X_train, X_test, y_train, y_test = X[:60000], X[60000:], y[:60000], y[60000:]

# 무작위로 섞어버린다.
import numpy as np

shuffle_index = np.random.permutation(60000)
X_train, y_train = X_train[shuffle_index], y_train[shuffle_index]

# y값이 5인 것들만
y_train_5 = (y_train == 5)

# y값이 5인 것들만 (true, false)로
y_test_5 = (y_test == 5)

경사하강법, SGDClassifier를 사용해 보겠습니다.

경사하강법

경사하강법은, 초기값(Initial Weight)부터 경사를 따라 내려가서 최저값을 찾는 방법입니다.

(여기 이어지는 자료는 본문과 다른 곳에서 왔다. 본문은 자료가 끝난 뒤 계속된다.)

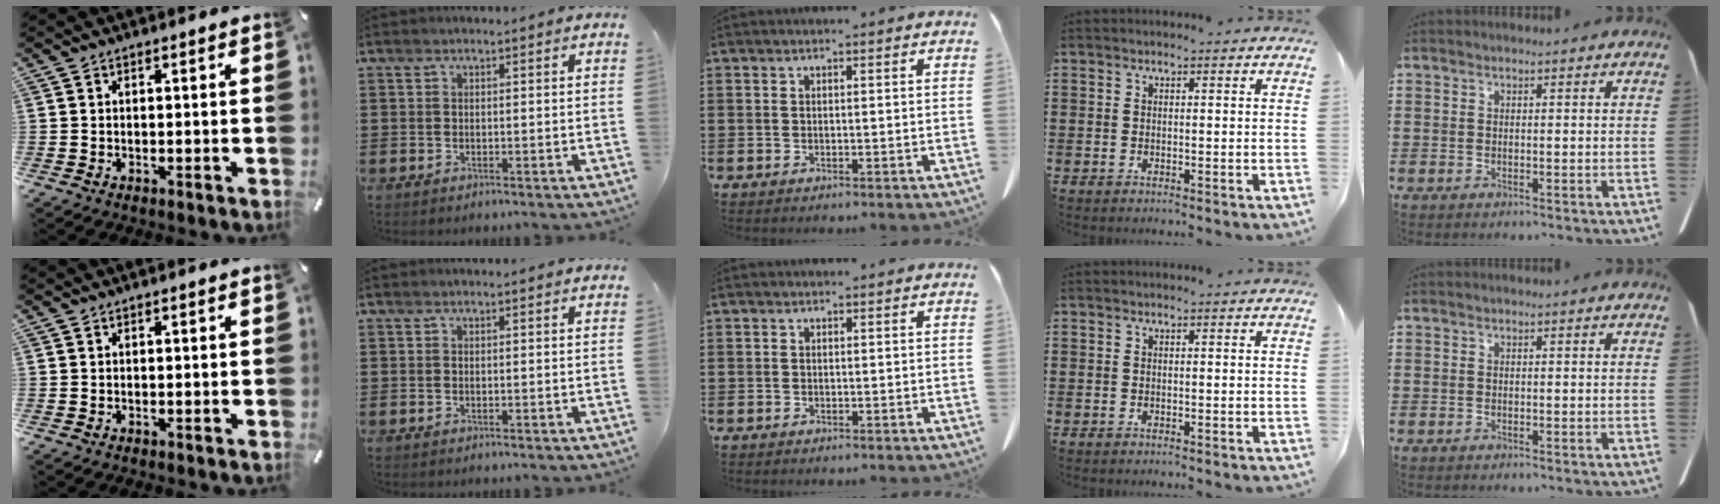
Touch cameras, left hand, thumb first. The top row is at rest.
{}
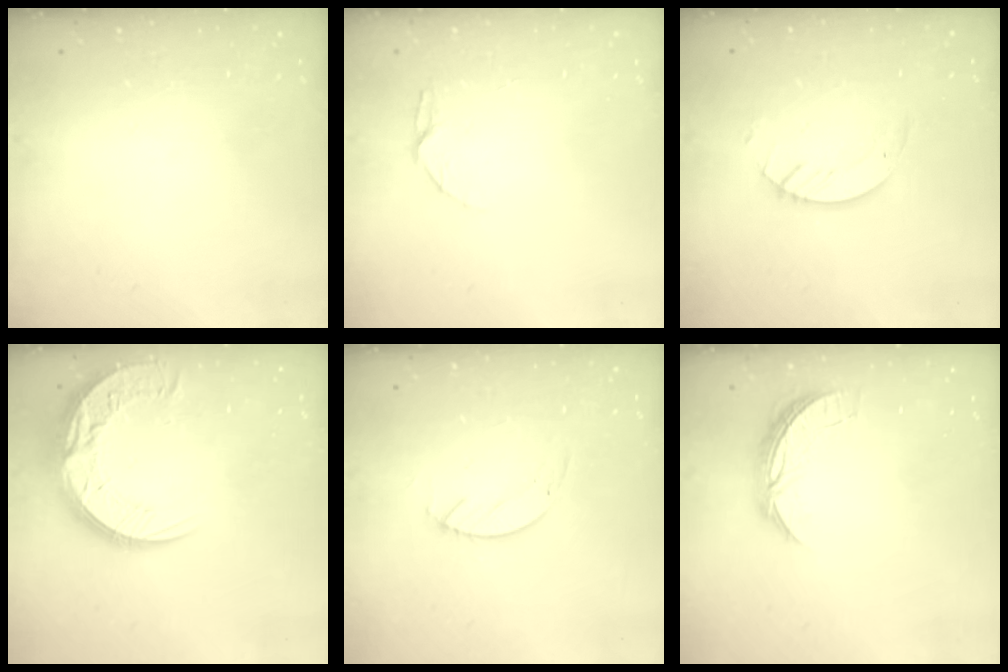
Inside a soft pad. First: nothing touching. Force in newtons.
{"total": 5.2, "press": 5.2, "slide": 0.6}
{"total": 3.1, "press": 3.0, "slide": 0.3}
{"total": 18.8, "press": 18.7, "slide": 1.5}
{"total": 2.1, "press": 2.1, "slide": 0.2}
{"total": 7.1, "press": 7.0, "slide": 0.7}
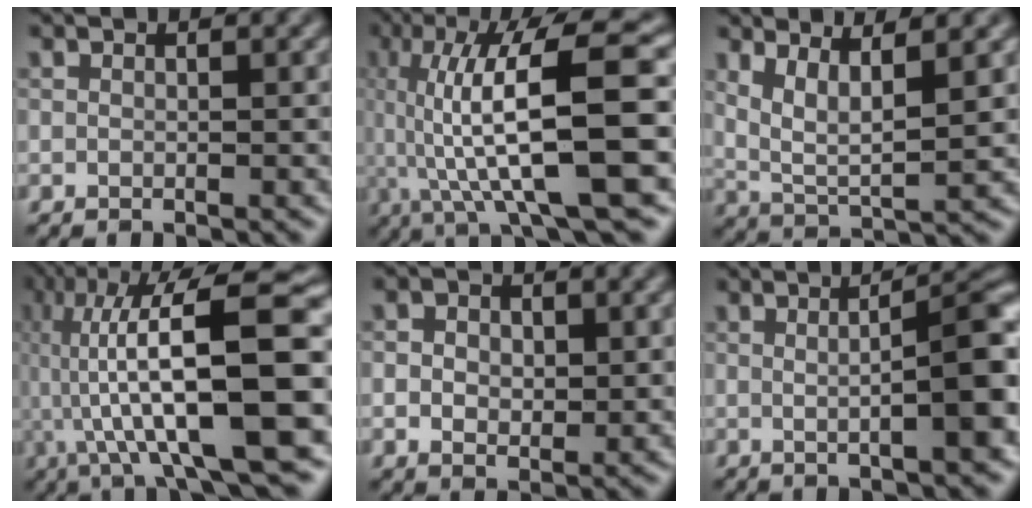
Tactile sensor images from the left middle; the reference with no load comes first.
{"total": 13.1, "force": [-0.4, 2.9, 12.8], "torque": [-0.205, 0.012, -0.006]}
{"total": 4.7, "force": [2.2, 1.5, 3.9], "torque": [-0.081, -0.015, 0.042]}
{"total": 15.4, "force": [-0.8, 4.3, 14.8], "torque": [-0.241, 0.021, -0.016]}
{"total": 3.1, "force": [0.2, 2.3, 2.1], "torque": [-0.041, -0.011, -0.004]}
{"total": 7.8, "force": [0.1, 1.8, 7.6], "torque": [-0.092, 0.000, -0.001]}

초기값에서 서서히 내려가다보면, 손실이 최소화되는 부분을 찾는 방법입니다. 여기를 참조하시면 잘 설명되어있습니다.

# 경사하강법을 활용하여 손실점이 가장 적은 기울기를 찾아보겠습니다.
from sklearn.linear_model import SGDClassifier

sgd_clf = SGDClassifier(random_state=42)
sgd_clf.fit(X_train, y_train_5)

정확도를 구해보겠습니다.

# 정확도를 구해보자.
from sklearn.model_selection import cross_val_score
cross_val_score(sgd_clf, X_train, y_train_5, cv=3, scoring="accuracy")

array([0.9661 , 0.95445, 0.96365])

정확도가 무려 96%에 육박하고 있네요. 정말 대단합니다. 근데 과연 이게 정확하게 측정한걸까?

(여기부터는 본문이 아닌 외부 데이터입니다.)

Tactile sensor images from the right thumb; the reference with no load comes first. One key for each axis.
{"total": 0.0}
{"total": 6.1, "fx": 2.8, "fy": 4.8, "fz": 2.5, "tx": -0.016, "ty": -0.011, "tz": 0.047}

# 흠터레스팅.. 과연 근데 이게 맞는 정확도일까?
# 무조건 5가 아니라고 하는 Classifier를 만들어서 한번 예측을 하게 해보자.
from sklearn.base import BaseEstimator

class Never5Classifier(BaseEstimator):
    def fit(self, Y, y=None):
        pass
    def predict(self, X):
        # X 만큼 데이터가 들어오면 모두 false로 예측을 한다.
        return np.zeros((len(X), 1), dtype=bool)

never_5_clf = Never5Classifier()
cross_val_score(never_5_clf, X_train, y_train_5, cv=3, scoring="accuracy")

array([0.90725, 0.90865, 0.91305])

그렇다. 숫자가 10개니까, 대충 90%가 결과가 나온 것이다.

3. Confusion Matrix

TN (True Negative): 실제 값이 false인데 예측을 false로 했다. (오류)
FP (False Positive): 실제 값이 false인데 예측을 true로 했다. (정답)
FN (False Negative): 실제 값이 true인데 예측을 false로 했다. (오류)
TP (True Positive): 실제 값이 true인데 예측을 true로 했다. (정답)

from sklearn.model_selection import cross_val_predict
from sklearn.metrics import confusion_matrix

y_train_pred = cross_val_predict(sgd_clf, X_train, y_train_5, cv=3)
confusion_matrix(y_train_5, y_train_pred)

array([[53884,   695],
       [ 1621,  3800]])

이 Confusion Matrix를 평가하는 방법은 여러가지가 있다.

1) Precision (정밀도)

$precision = \frac{TP}{TP+FP}$

실제 이게 맞다라고 예측했을때, 정말로 정답일 확률이다.

2) Recall (재현율)

$recall = \frac{TP}{TP+FN}$

실제로 이게 정답일때, 이것을 정답으로 잘 맞출 수 있는 확률이다.

from sklearn.metrics import precision_score, recall_score, f1_score
precision_score(y_train_5, y_train_pred)
recall_score(y_train_5, y_train_pred)

0.8453837597330367, 0.7664380798709157

즉, 정확히 5라고 예측할 확률은 84%, 실제로 5를 5라고 판단할 확률은 76%가 되는 것이다. ㅠ.ㅠ

3) F1 Score

정밀도와 재현도를 바탕으로 각각의 가중치를 두어서 평균을 구하는 방식이다.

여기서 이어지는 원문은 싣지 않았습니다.